Items listed in a dataset
*** Block opens ***
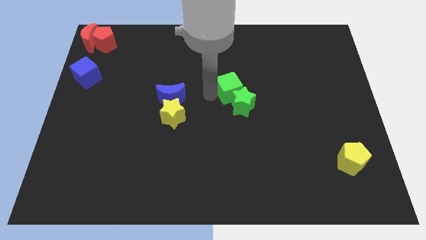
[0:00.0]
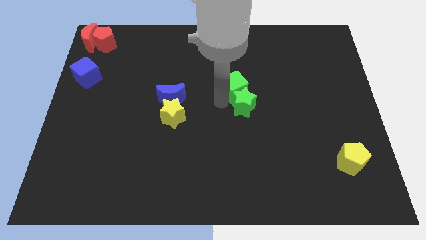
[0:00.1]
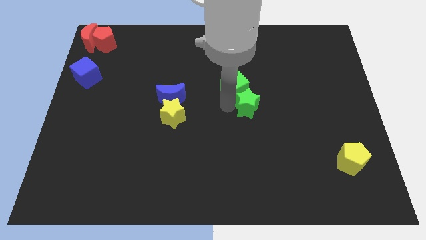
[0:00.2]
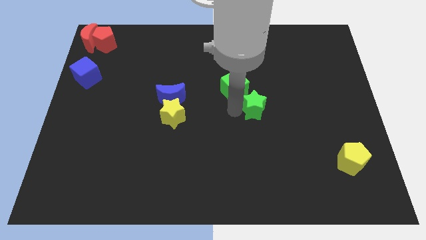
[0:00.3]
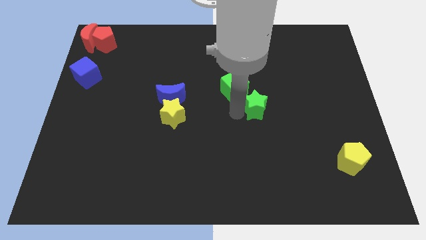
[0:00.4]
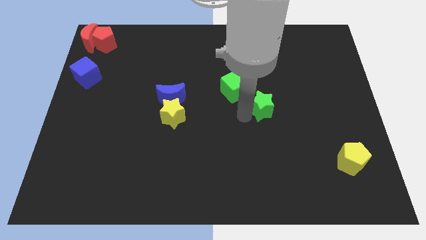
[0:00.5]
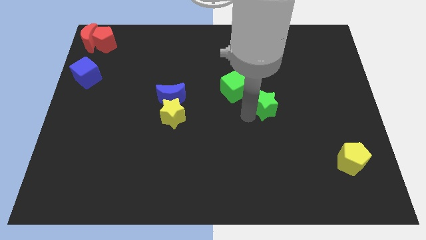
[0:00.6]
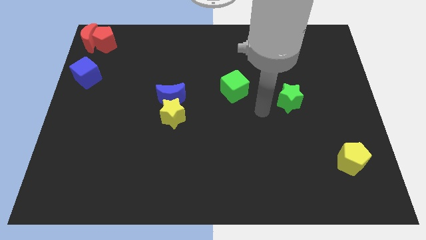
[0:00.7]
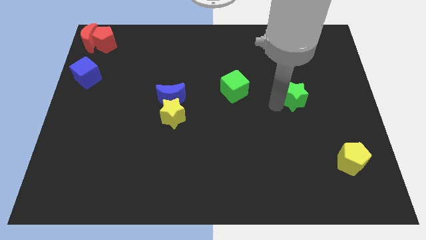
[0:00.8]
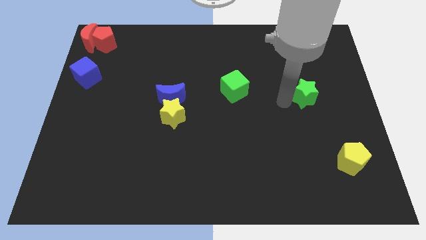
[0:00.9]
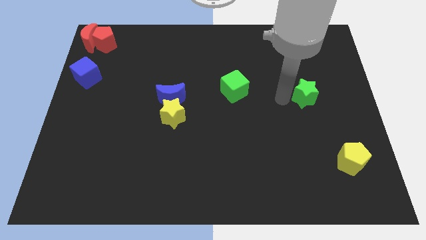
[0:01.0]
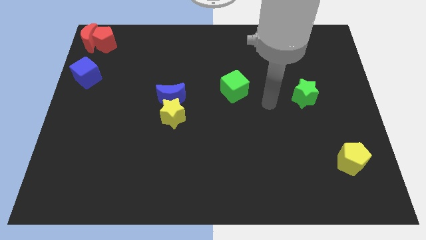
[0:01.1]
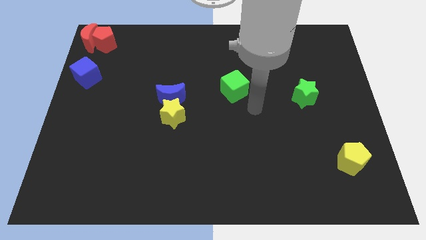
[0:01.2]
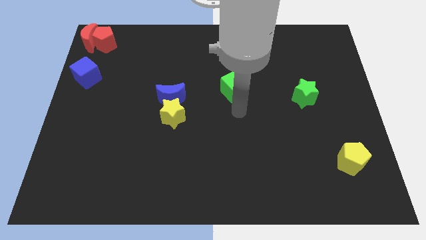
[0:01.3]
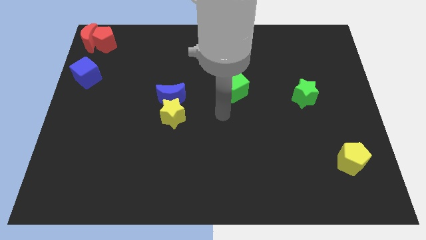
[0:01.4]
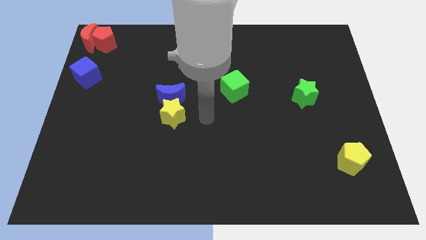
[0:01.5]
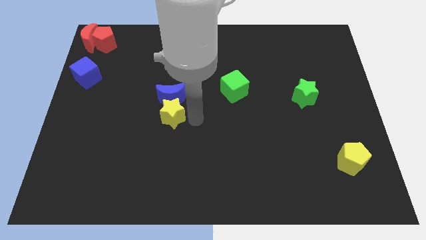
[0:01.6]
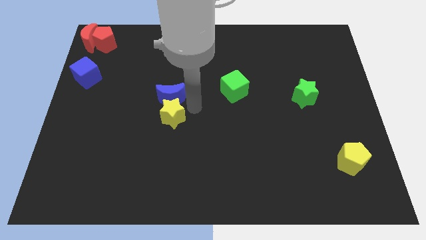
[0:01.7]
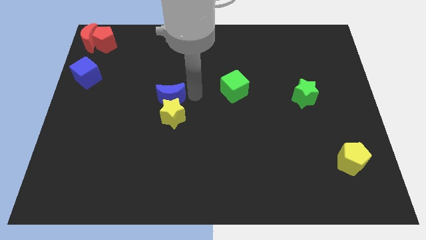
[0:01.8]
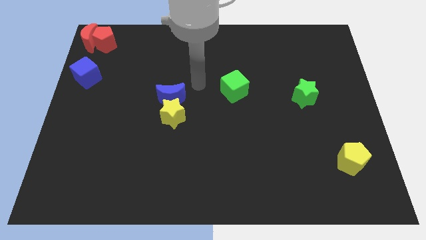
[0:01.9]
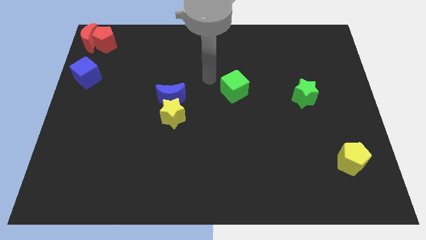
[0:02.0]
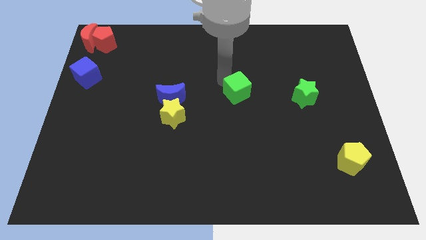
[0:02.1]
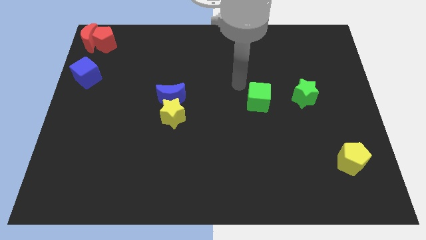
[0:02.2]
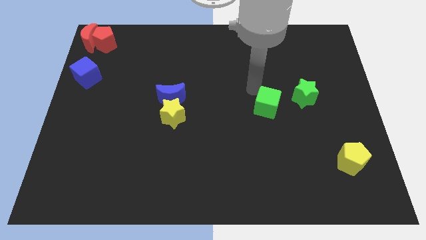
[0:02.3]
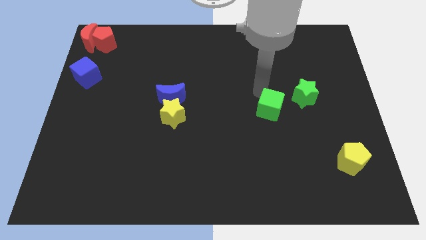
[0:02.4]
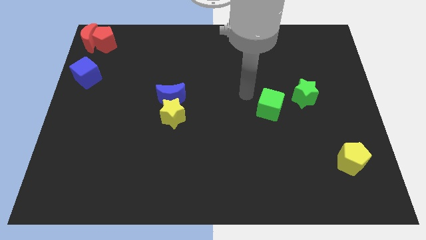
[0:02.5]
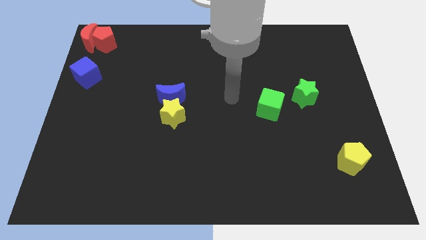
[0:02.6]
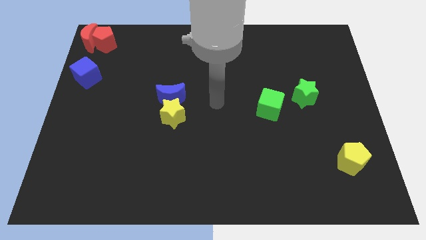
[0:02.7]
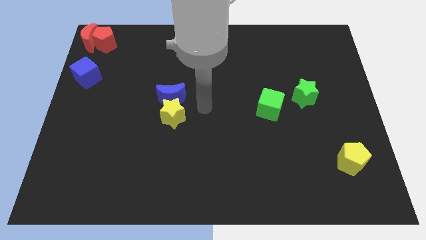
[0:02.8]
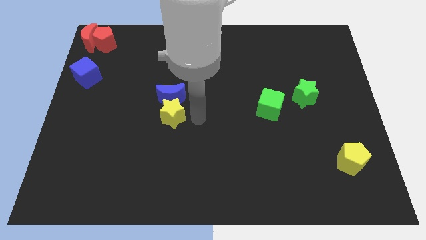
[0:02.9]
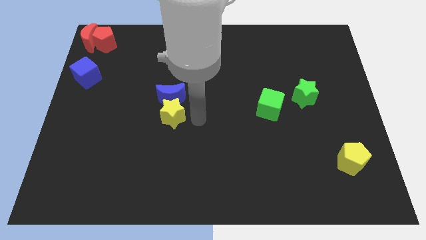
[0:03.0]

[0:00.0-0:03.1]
push the green cube to the bottom left side of the green star
*** Block closes ***
# WHAT YOU SHOULD DO
Repeat the records in full, precisely, and keep the pictures out.

# EXERCISE RESPONSE
[0:00.0]
[0:00.1]
[0:00.2]
[0:00.3]
[0:00.4]
[0:00.5]
[0:00.6]
[0:00.7]
[0:00.8]
[0:00.9]
[0:01.0]
[0:01.1]
[0:01.2]
[0:01.3]
[0:01.4]
[0:01.5]
[0:01.6]
[0:01.7]
[0:01.8]
[0:01.9]
[0:02.0]
[0:02.1]
[0:02.2]
[0:02.3]
[0:02.4]
[0:02.5]
[0:02.6]
[0:02.7]
[0:02.8]
[0:02.9]
[0:03.0]

[0:00.0-0:03.1]
push the green cube to the bottom left side of the green star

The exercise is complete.